Rhythm Follow-Up
Patient follow-up was performed with a prospectively-defined schedule at 3, 6, and 12 months, and annually thereafter. At each follow-up visit, patients underwent history and physical evaluations, as well as electrocardiograms (ECGs). Routine prolonged monitoring was initiated in 2006 and included either 24-48 hour Holter monitoring, pacemaker interrogation, or implantable loop recording (ILR).

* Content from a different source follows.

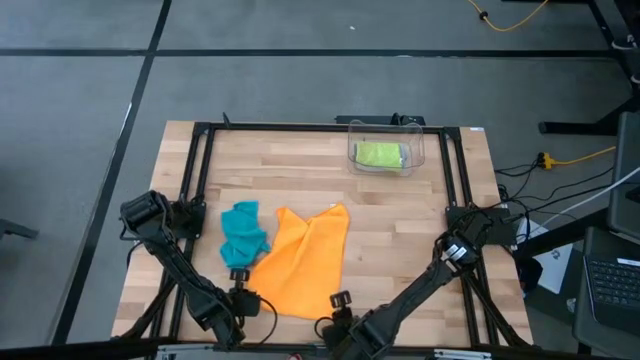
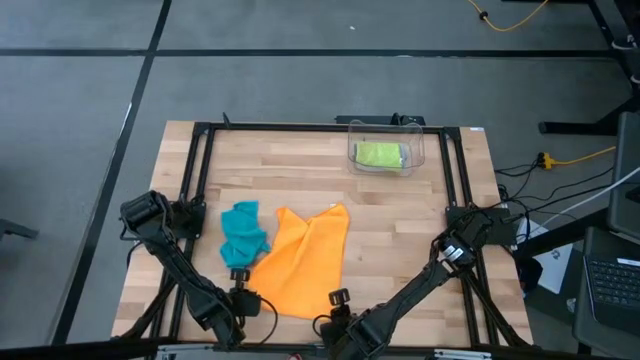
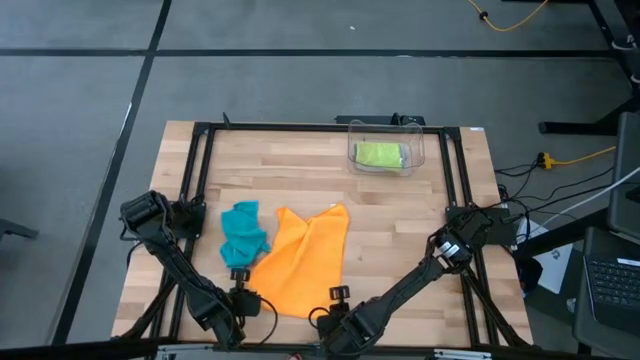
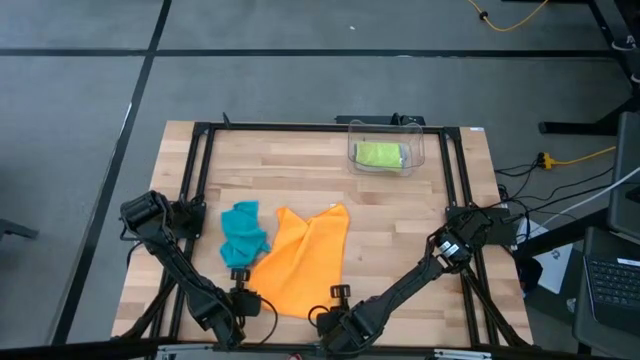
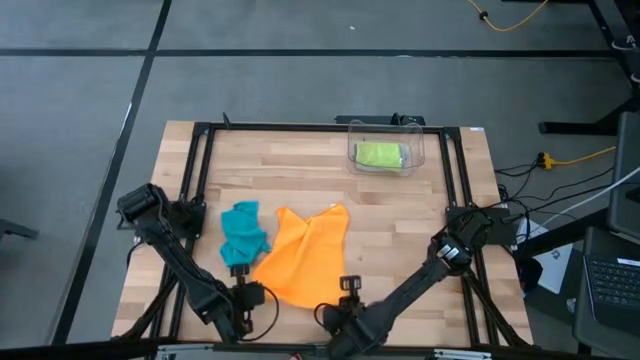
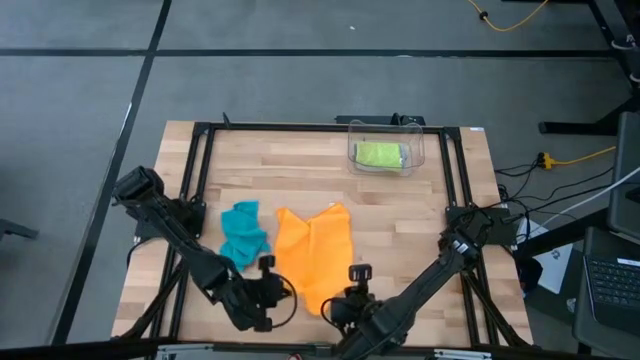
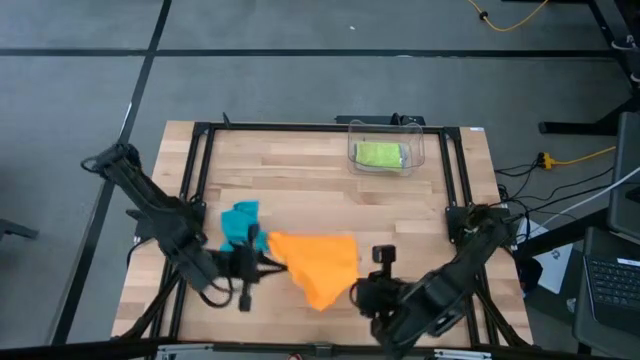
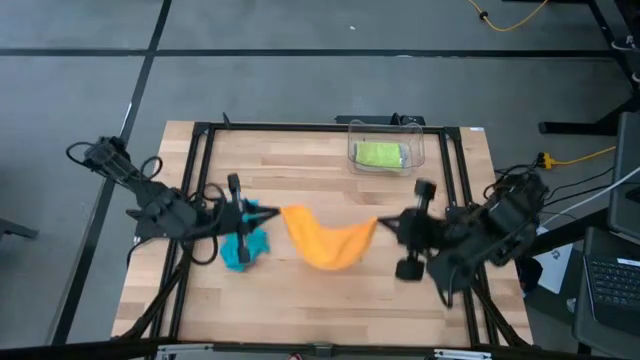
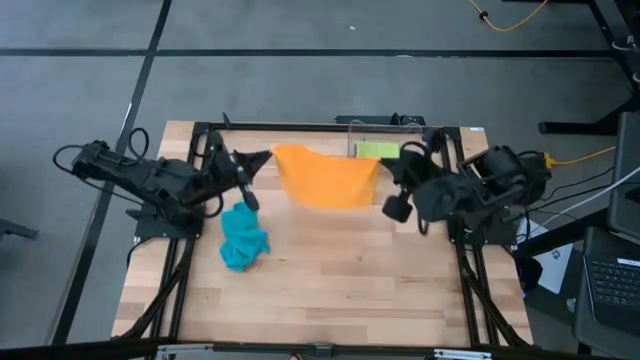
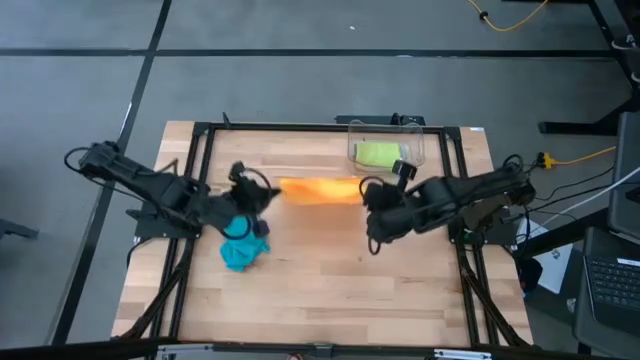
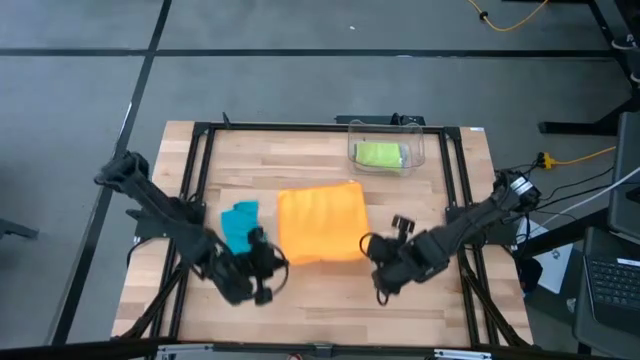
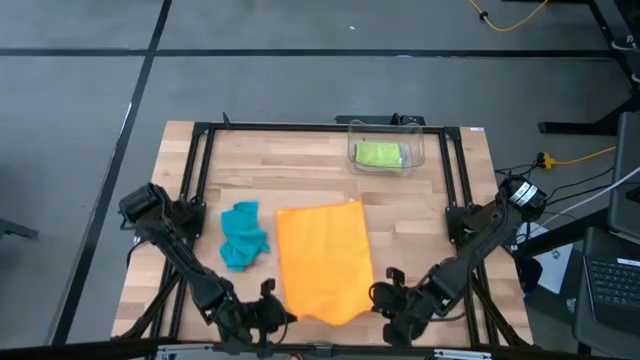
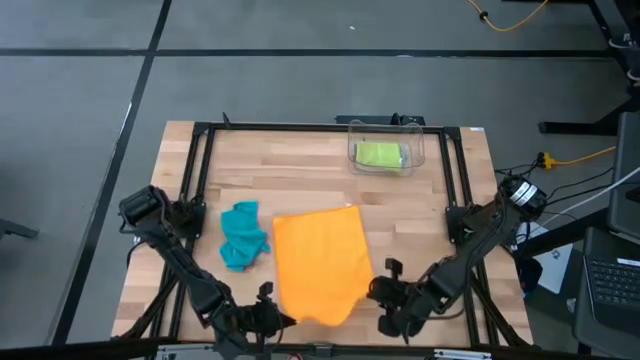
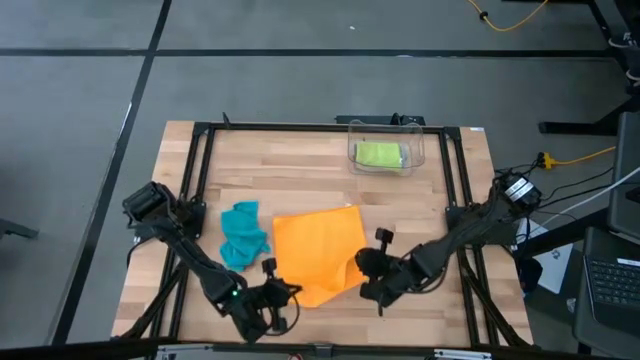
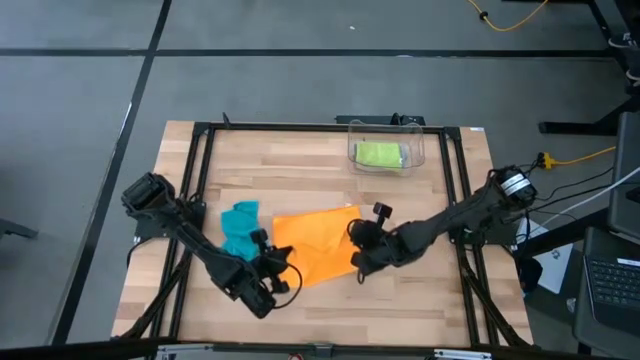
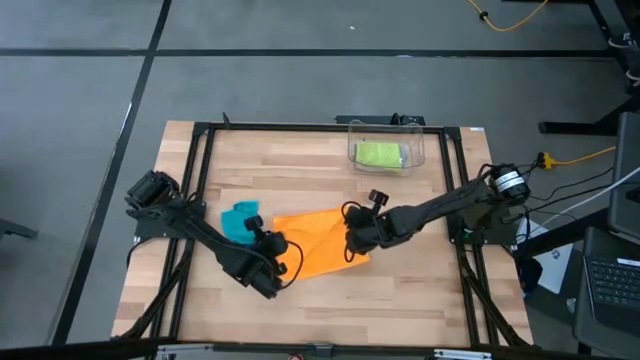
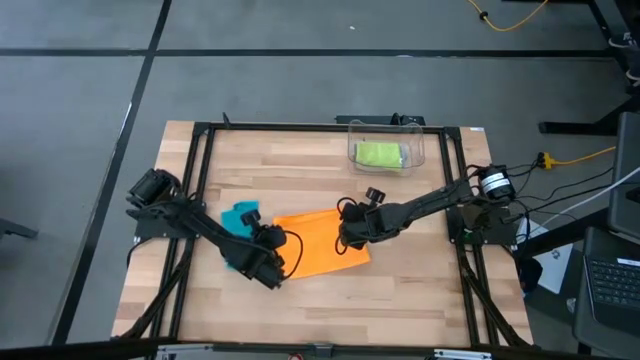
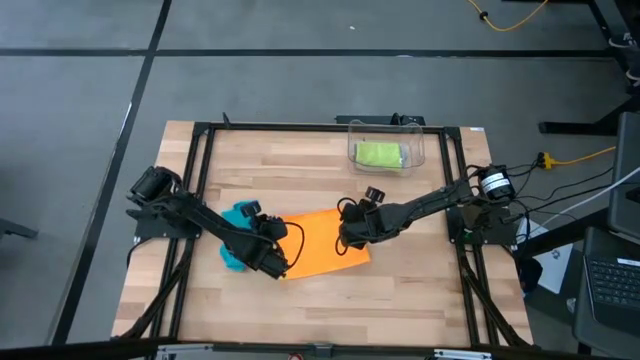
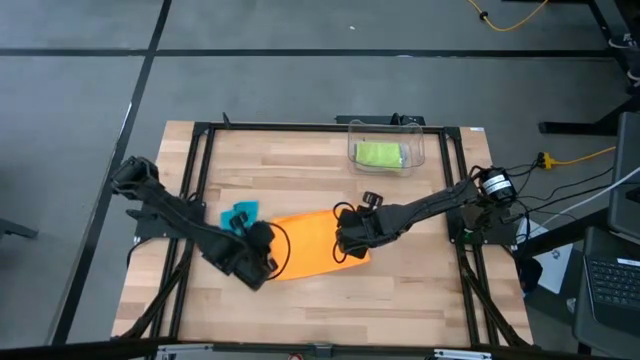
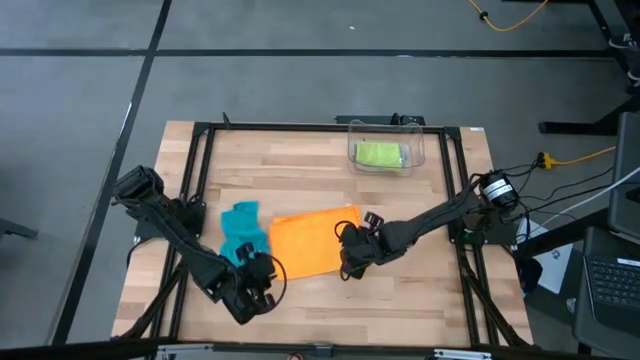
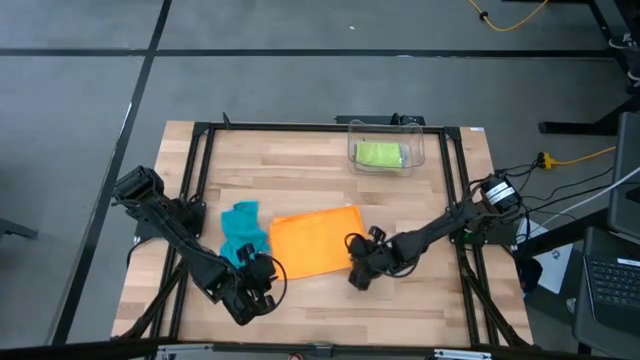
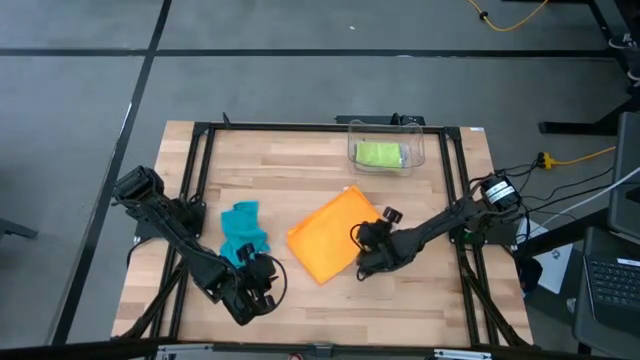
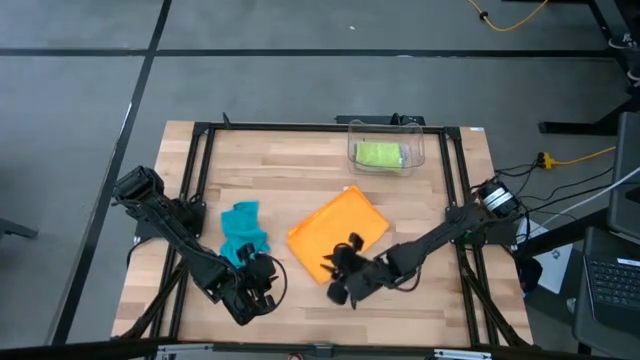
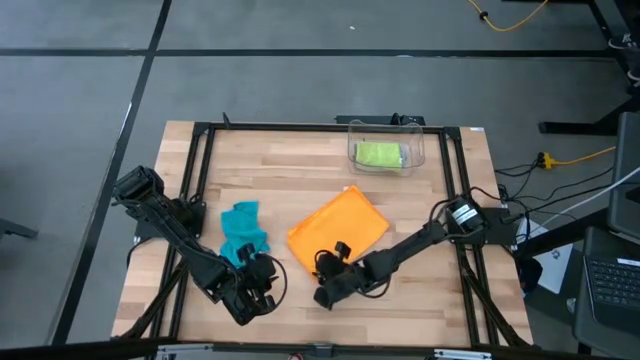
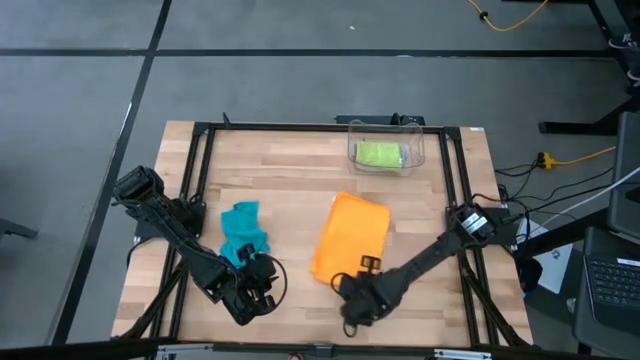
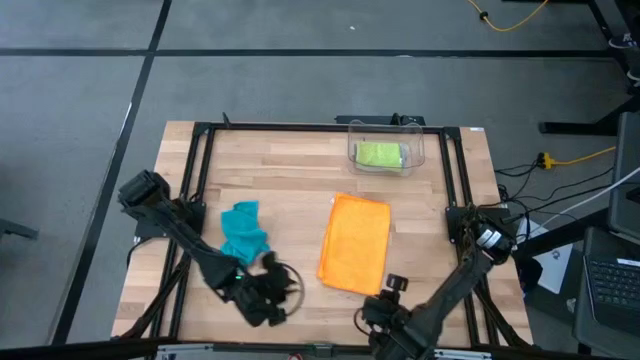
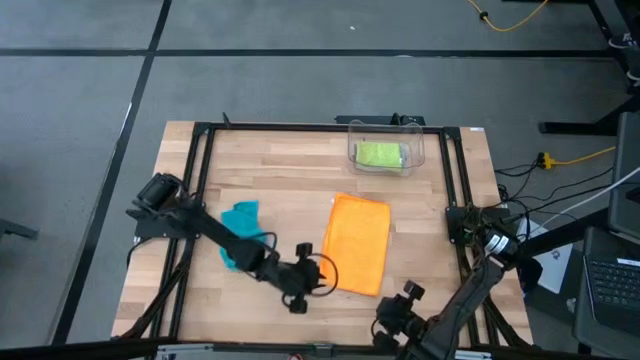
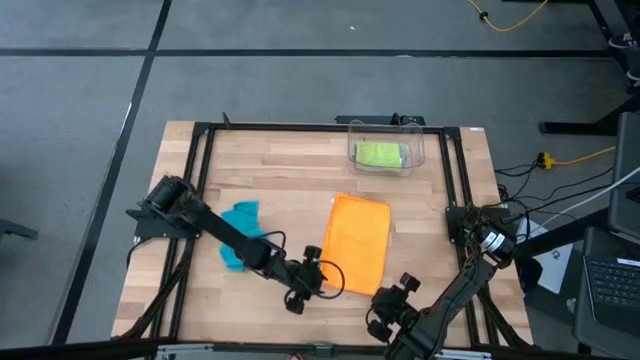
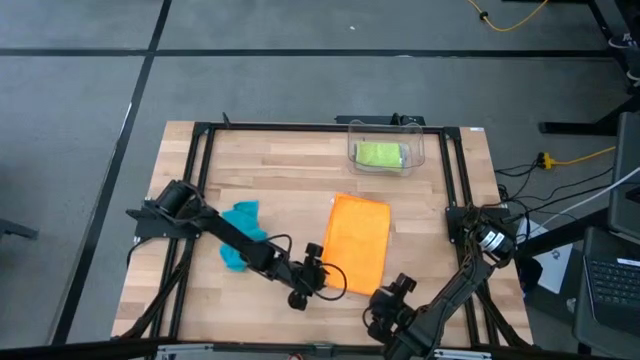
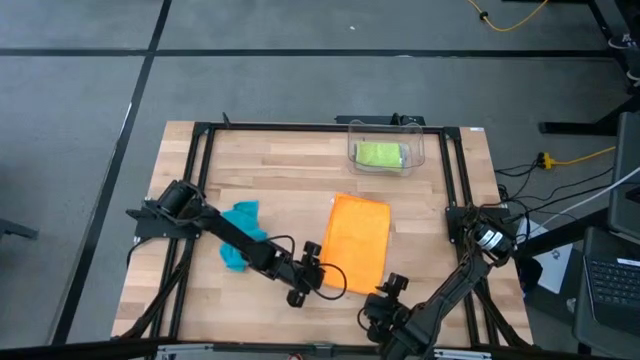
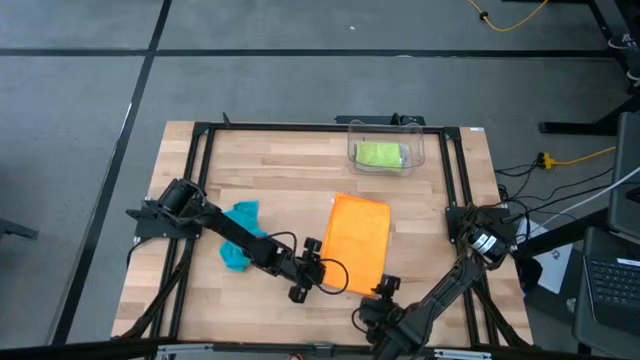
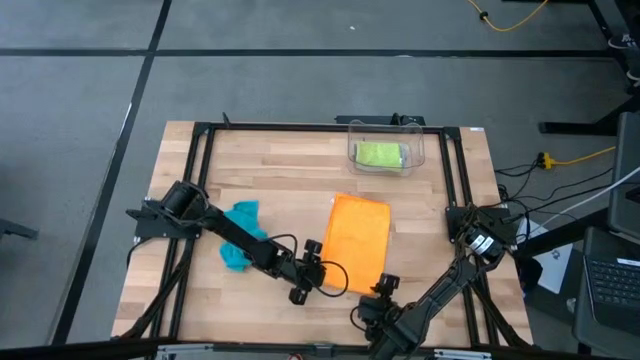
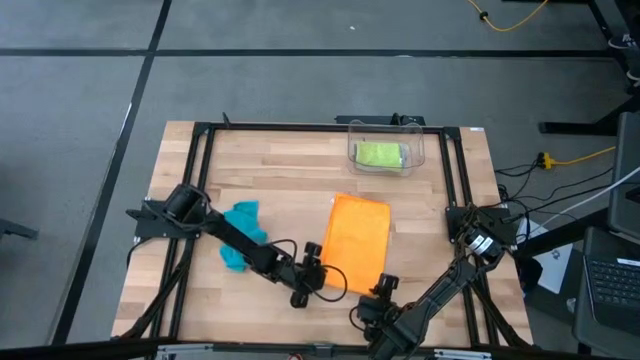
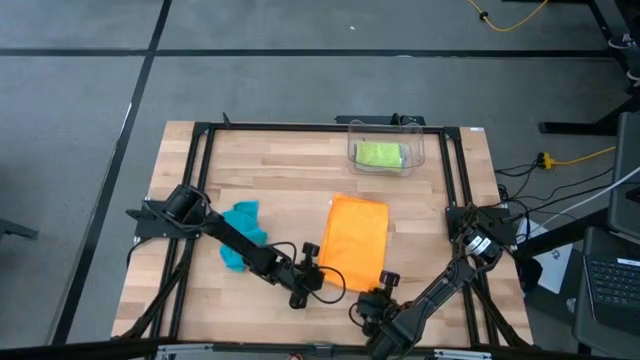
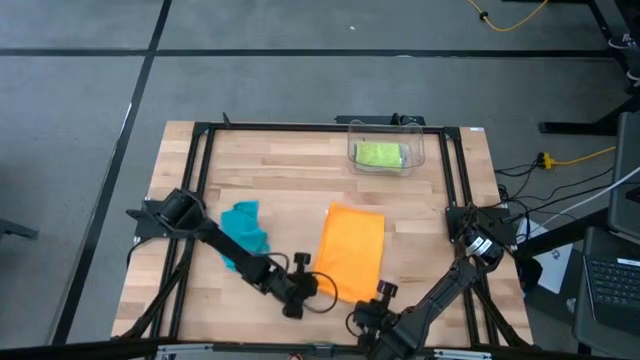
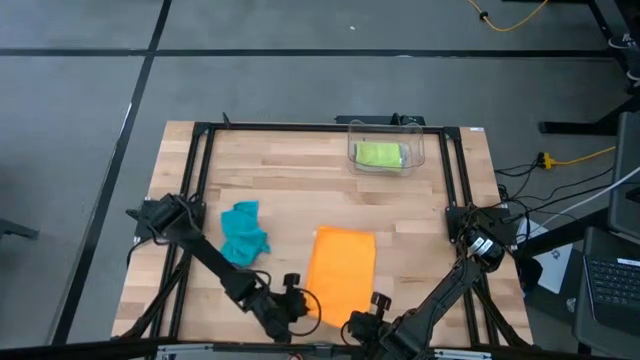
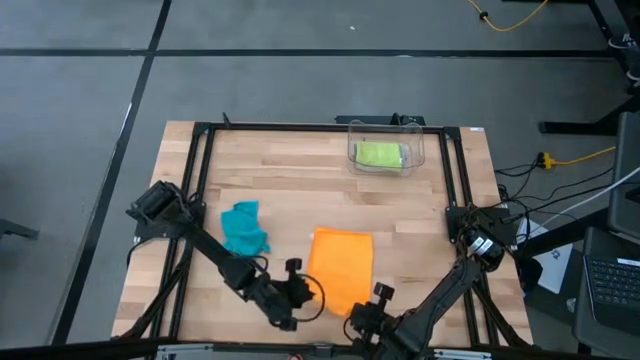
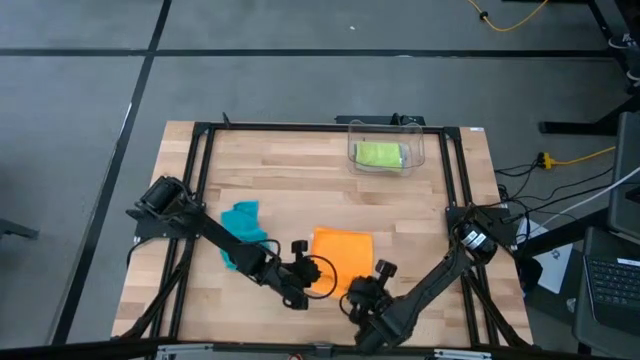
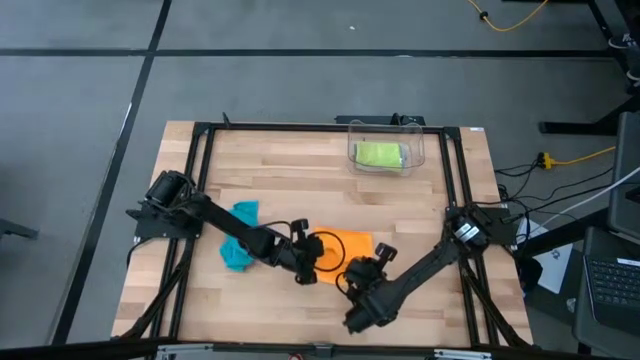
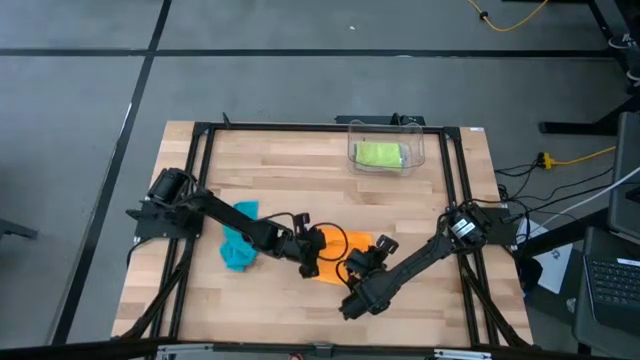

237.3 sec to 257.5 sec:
Task: Fold microfiber towels
Fold the orange microfiber

91 percent of patients (146/161) underwent prolonged monitoring at some point in their follow-up; 76% (109/143), 56% (40/73), and 60% (24/40) of patients underwent prolonged monitoring at 1-, 5- and 7-year follow-up, respectively. ATA recurrence was defined as any episode of AF, atrial flutter, or atrial tachycardia lasting longer than 30 seconds, in accordance with the 2017 Heart Rhythm Society (HRS) consensus statement[10]. ATA recurrence was examined in two ways. In the stricter of the two methods, we considered any ATA recurrence that occurred greater than 3 months postoperatively to be a permanent failure, regardless of duration of ATA or symptoms. In our second method, we looked at the percent of patients in SR at each time point, such that a patient who, for example, had a recurrence at 3 years could still be recognized as being ATA-free at 5 years if they were in SR at that time. We consider this method to be more clinically relevant given it takes into account that individual episodes of recurrence can be short and infrequent. This allows for differentiation between, for example, a patient who has multiple episodes of ATA a day a patient who has had only one or two 1-minute long episodes of ATA over their entire postoperative lifetime. Any patient who required an interventional procedure for rhythm control after the ninety-day blanking period was considered a treatment failure.